AIM OF THE TASK ::
Ignoring the images, restate the records below word for word.

DATA ::
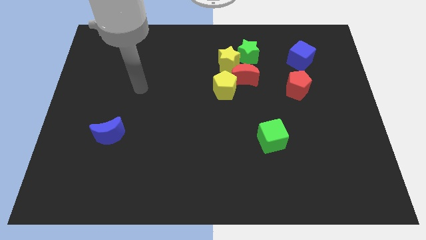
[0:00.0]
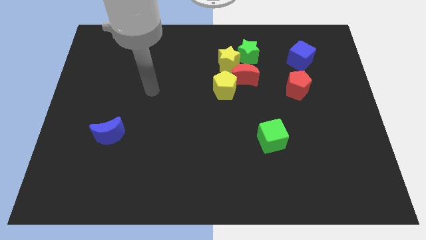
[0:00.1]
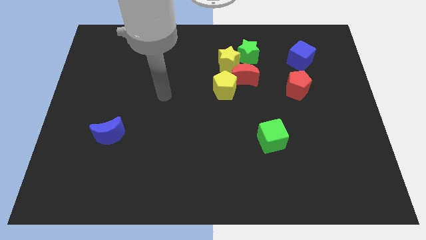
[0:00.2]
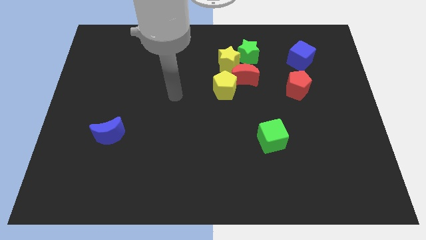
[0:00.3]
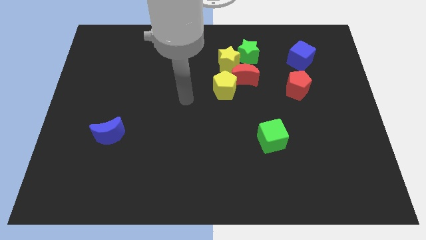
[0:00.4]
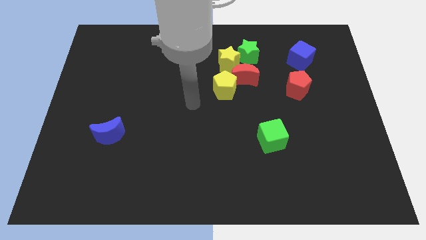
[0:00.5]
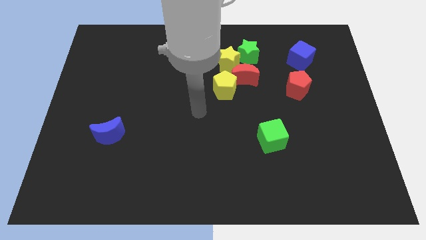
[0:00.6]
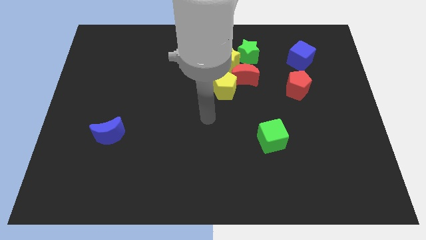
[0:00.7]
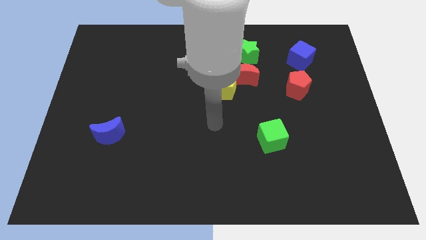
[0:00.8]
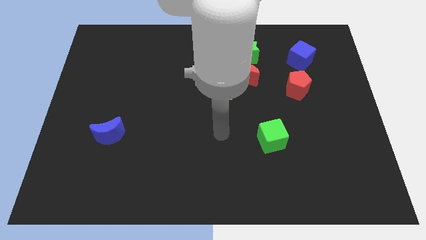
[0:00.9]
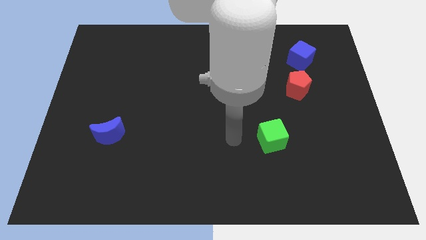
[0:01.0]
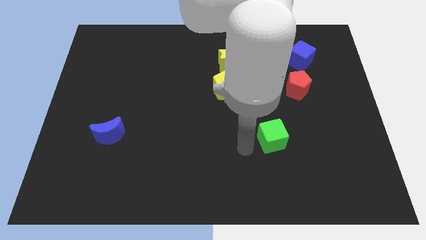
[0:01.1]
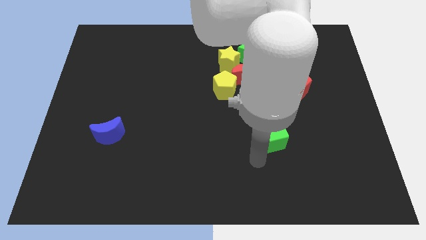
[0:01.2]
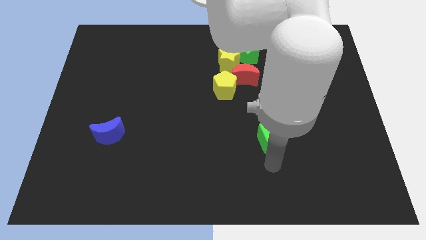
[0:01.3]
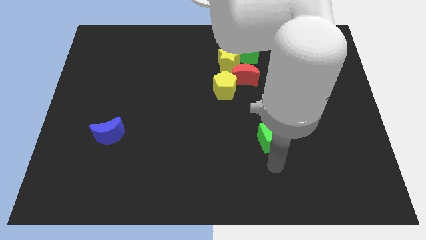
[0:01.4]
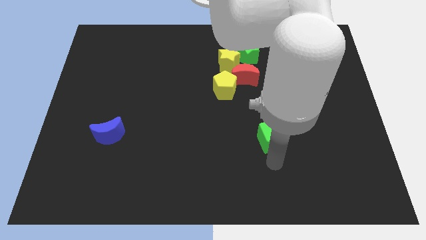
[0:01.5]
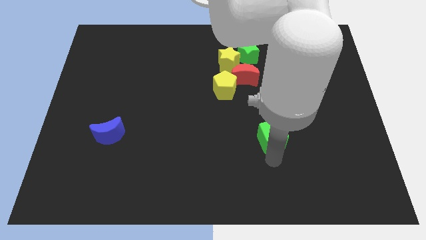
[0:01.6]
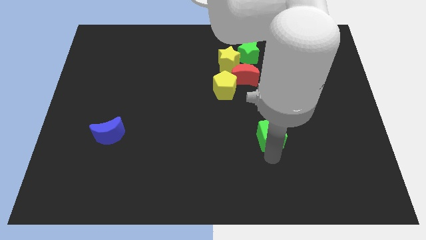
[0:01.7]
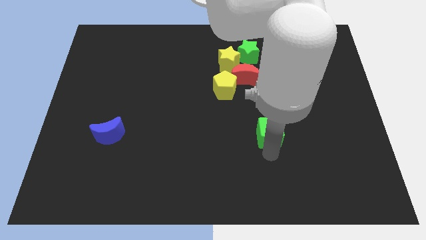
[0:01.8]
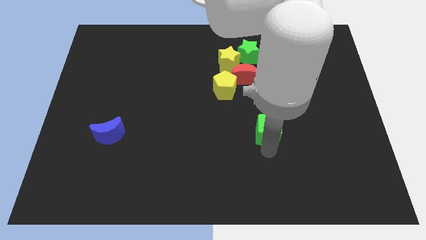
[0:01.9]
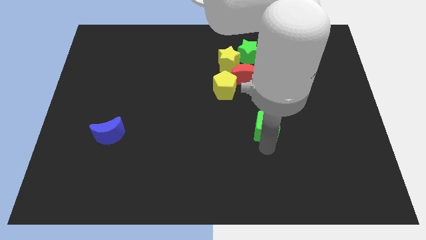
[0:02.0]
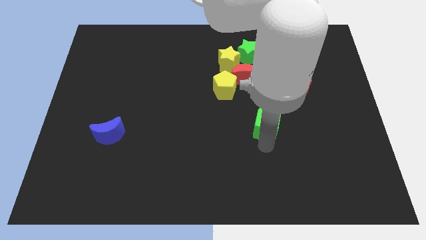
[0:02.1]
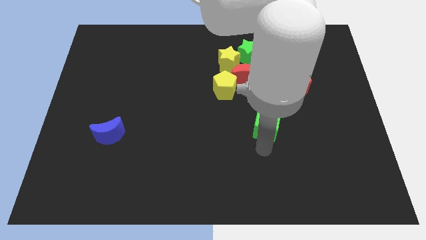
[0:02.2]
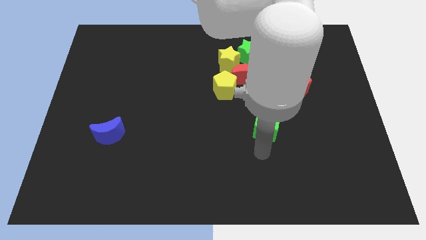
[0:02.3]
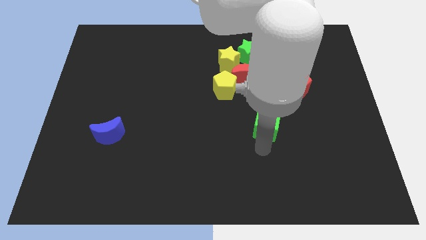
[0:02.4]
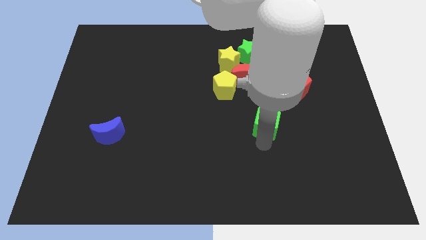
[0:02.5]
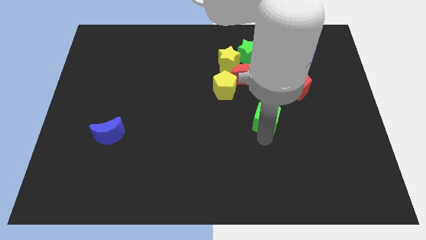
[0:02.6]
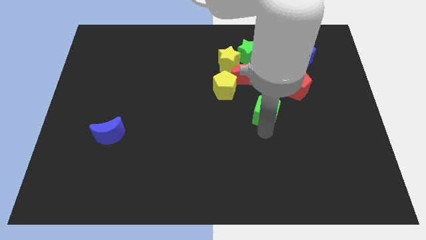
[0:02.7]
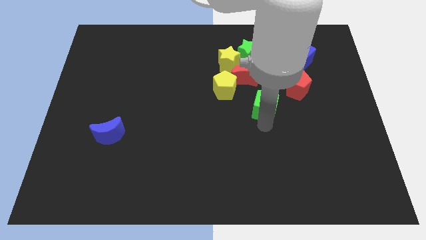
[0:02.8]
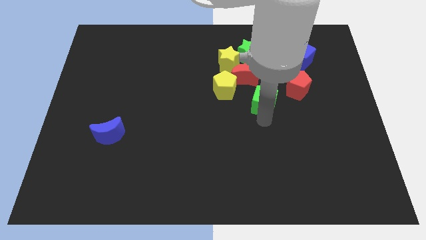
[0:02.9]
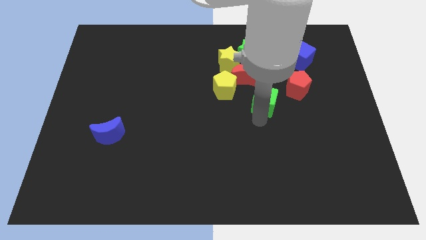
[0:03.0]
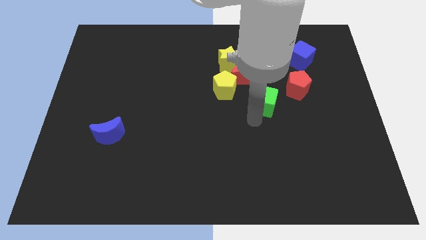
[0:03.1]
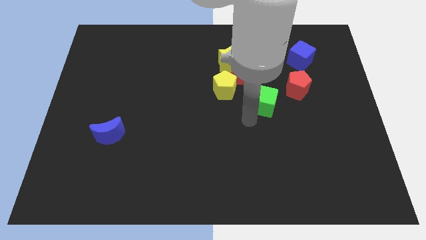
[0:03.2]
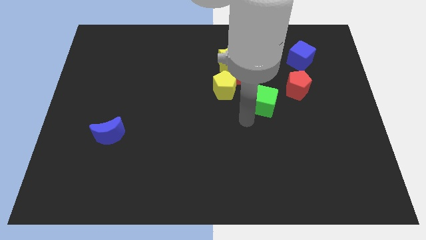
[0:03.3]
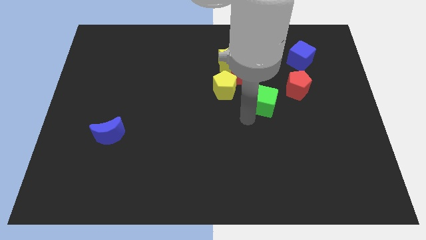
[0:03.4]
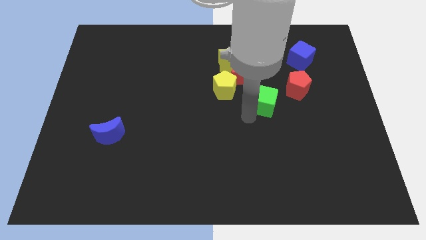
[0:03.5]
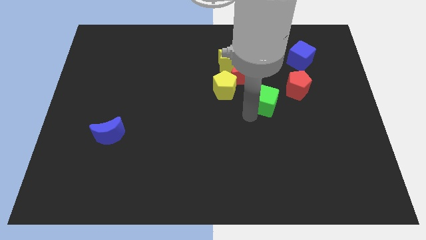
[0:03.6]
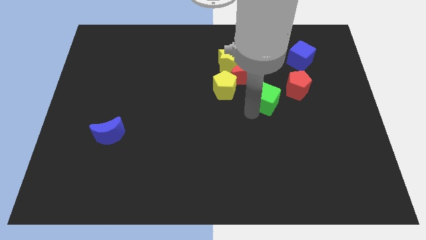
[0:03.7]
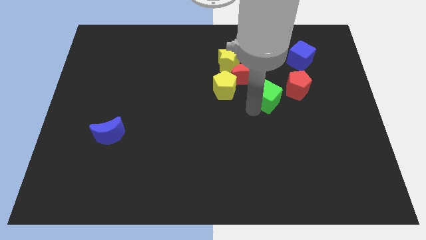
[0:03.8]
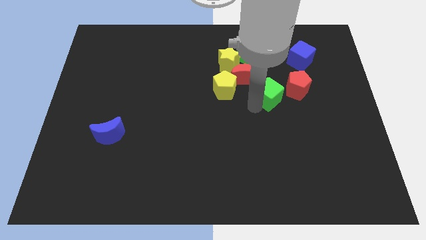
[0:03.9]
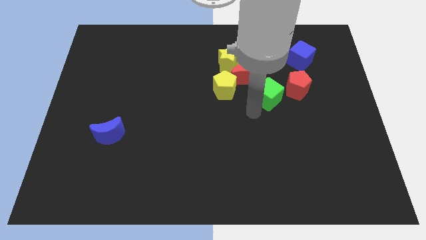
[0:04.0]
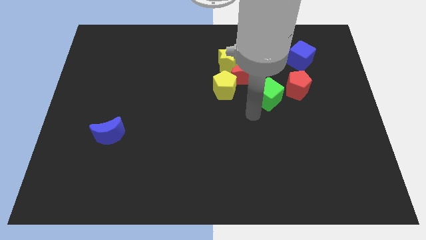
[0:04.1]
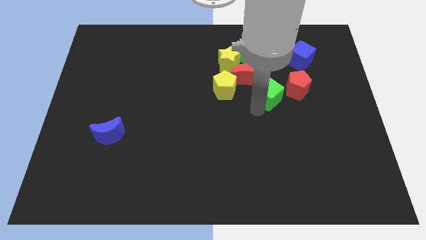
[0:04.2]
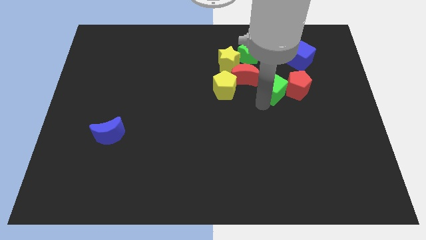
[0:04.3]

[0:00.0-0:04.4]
push the green cube right of the red moon

EXERCISE ANSWER ::
[0:00.0]
[0:00.1]
[0:00.2]
[0:00.3]
[0:00.4]
[0:00.5]
[0:00.6]
[0:00.7]
[0:00.8]
[0:00.9]
[0:01.0]
[0:01.1]
[0:01.2]
[0:01.3]
[0:01.4]
[0:01.5]
[0:01.6]
[0:01.7]
[0:01.8]
[0:01.9]
[0:02.0]
[0:02.1]
[0:02.2]
[0:02.3]
[0:02.4]
[0:02.5]
[0:02.6]
[0:02.7]
[0:02.8]
[0:02.9]
[0:03.0]
[0:03.1]
[0:03.2]
[0:03.3]
[0:03.4]
[0:03.5]
[0:03.6]
[0:03.7]
[0:03.8]
[0:03.9]
[0:04.0]
[0:04.1]
[0:04.2]
[0:04.3]

[0:00.0-0:04.4]
push the green cube right of the red moon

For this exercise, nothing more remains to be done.